O primeiro pagamento foi programado para o dia 1º de março de 2018, o segundo venceu na última segunda-feira (1). Em caso de atraso de até 60 dias, Silval tem que pagar multa de 10% sobre o valor da parcela. Se o atraso for maior que isso, o acordo poderá ser rescindido.

Vida pública

 Nem a defesa de Silval Barbosa nem o MPF informam se as parcelas foram quitadas devidamente até o momento. Deixando de lado o preceito da transparência, a 5ª Vara da Justiça Federal em Cuiabá, responsável por receber os valores, alega sigilo. Ao serem questionadas pela reportagem, as assessorias do MPF e da Justiça Federal afirmaram que a delação, que veio a público em agosto de 2017, é sigilosa e que não poderiam dar qualquer informação a respeito.

Professor questiona cálculo do MPF

Para o professor de Direito da Universidade de São Paulo (USP), Gustavo Badaró, o acordo de delação premiada pressupõe que haja um cálculo do quanto foi o lucro ilegal do réu. No caso de Silval Barbosa, a lógica não é seguida. Os termos da delação não esclarecem se o MPF calculou o valor a ser ressarcido em cima do que foi desviado ou se houve outro método.

“Se fosse uma sentença judicial isso teria que ser calculado na ponta do lápis. Como é um acordo de colaboração premiada vai o que as partes negociam, mas o que se deveria fazer é indagar aos representantes do Ministério Federal o que eles levaram em conta para estabelecer o total do dano”, questiona Badaró.
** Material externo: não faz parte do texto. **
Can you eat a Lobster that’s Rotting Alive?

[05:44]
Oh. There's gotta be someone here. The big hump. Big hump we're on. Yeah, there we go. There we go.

Além de pagar um valor supostamente bem menor do que foi desviado pelo grupo criminoso, Silval ganhou o benefício de um regime de progressão de pena “especial”, previsto na lei das delações. Atualmente, o delator cumpre prisão em regime domiciliar “diferenciado” de 3 anos e 6 meses. Em seguida cumprirá prisão em regime semiaberto por 2 anos e 6 meses e, por fim, em regime aberto por cerca de 14 anos e 2 meses.
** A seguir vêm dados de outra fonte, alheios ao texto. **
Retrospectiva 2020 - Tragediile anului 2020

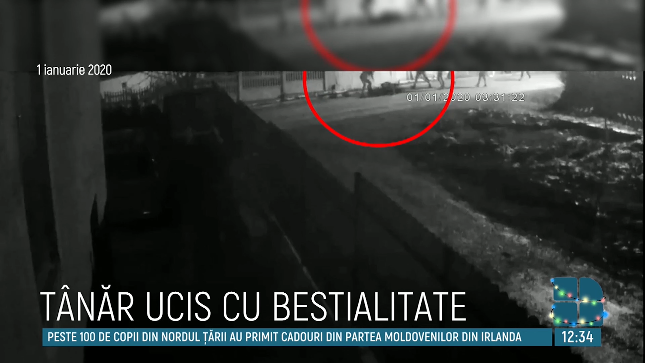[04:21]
Cei doi l-au lovit în cap cu picioarele și cu o scândură din gard sub privirile a peste 15 persoane care au intervenit abia atunci când victima nu se mai mișca.
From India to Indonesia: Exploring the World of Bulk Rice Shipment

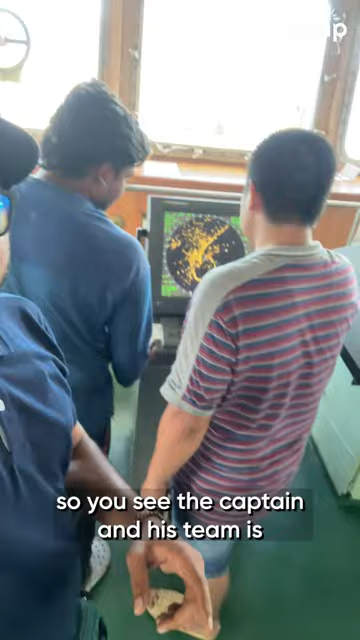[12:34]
So you see here the captain and his team is continuously looking into to see that weather report.
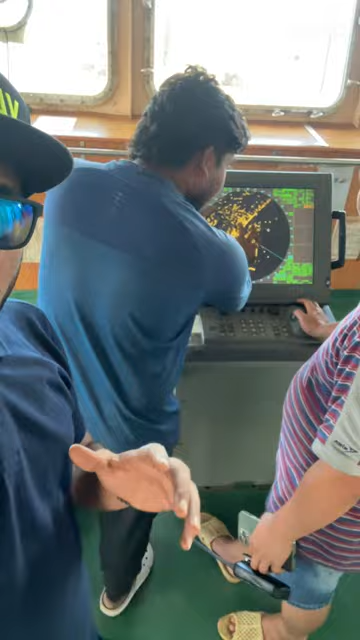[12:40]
Yeah. So he's seeing which direction the weather is actually going to go, which direction is the rain it's going to go.

O ex-governador só ficou efetivamente trancafiado em um presídio, o Centro de Custódia de Cuiabá (CCC), durante 21 meses de prisão preventiva. Na verdade, Silval acumula dois benefícios. Primeiro, por ser delator, consegue progredir de regime mais rápido, com a redução de dois terços da pena. Segundo, por ser rico e contratar bons advogados, não sofre com eventuais falhas sistêmicas do judiciário.

Defensor vê dois pesos e duas medidas

A realidade de Silval é bem diferente daquilo que vive centenas de mato-grossenses quando se trata de progressão de regime. Para eles, a espada da Justiça é mais firme. O defensor público José Carlos Evangelista, que atua na Vara de Execuções Penais de Cuiabá, calcula que mais de 90% dos reeducandos esperam além do previsto para conseguir a progressão para o regime domiciliar ou para o semiaberto.

“Eu costumo dizer que ao cliente famoso e midiático você estende um tapete vermelho para entrar no Fórum. Agora a um cliente da Defensoria você coloca algemas nos pés e nas mãos para realmente constrange-lo duplamente”.

Evangelista relembra um detalhe simbólico ocorrido há duas semanas, quando viu réus defendidos por ele - homens de origem humilde - serem algemados nos pés e nas mãos, enquanto agentes públicos envolvidos na Operação Sangria eram conduzidos para prestar depoimento apenas com as algemas nas mãos.

Curioso é que, mesmo preso, Silval trouxe prejuízo ao erário. Números do Supremo Tribunal Federal (STF) apontam que a administração pública gasta R$ 2,4 mil por mês com cada detento. Em Mato Grosso, a Secretaria de Estado de Justiça e Direitos Humanos (Sejudh) destina de R$ 1 mil a R$ 5 mil por mês aos reeducandos.

O professor de Direito da Universidade Federal de Mato Grosso (UFMT), Giovane Santin, argumenta que o sentimento de impunidade não pode vir acompanhado da retirada de direitos. O que a população deve pedir, segundo ele, é que todos tenham acesso aos mesmos direitos que Silval teve.

 “Que se estenda o direito daqueles que não possuem recursos, mas não se abrande o direito daqueles que não possuem. O certo não é restringir o direito das classes sociais mais abastadas e sim ampliar os direitos daqueles que não possuem”, afirma Santin.

Outro lado

A reportagem entrou em contato com o advogado Délio Lins, da defesa de Silval Barbosa, mas ele não atendeu ligações e não respondeu mensagens.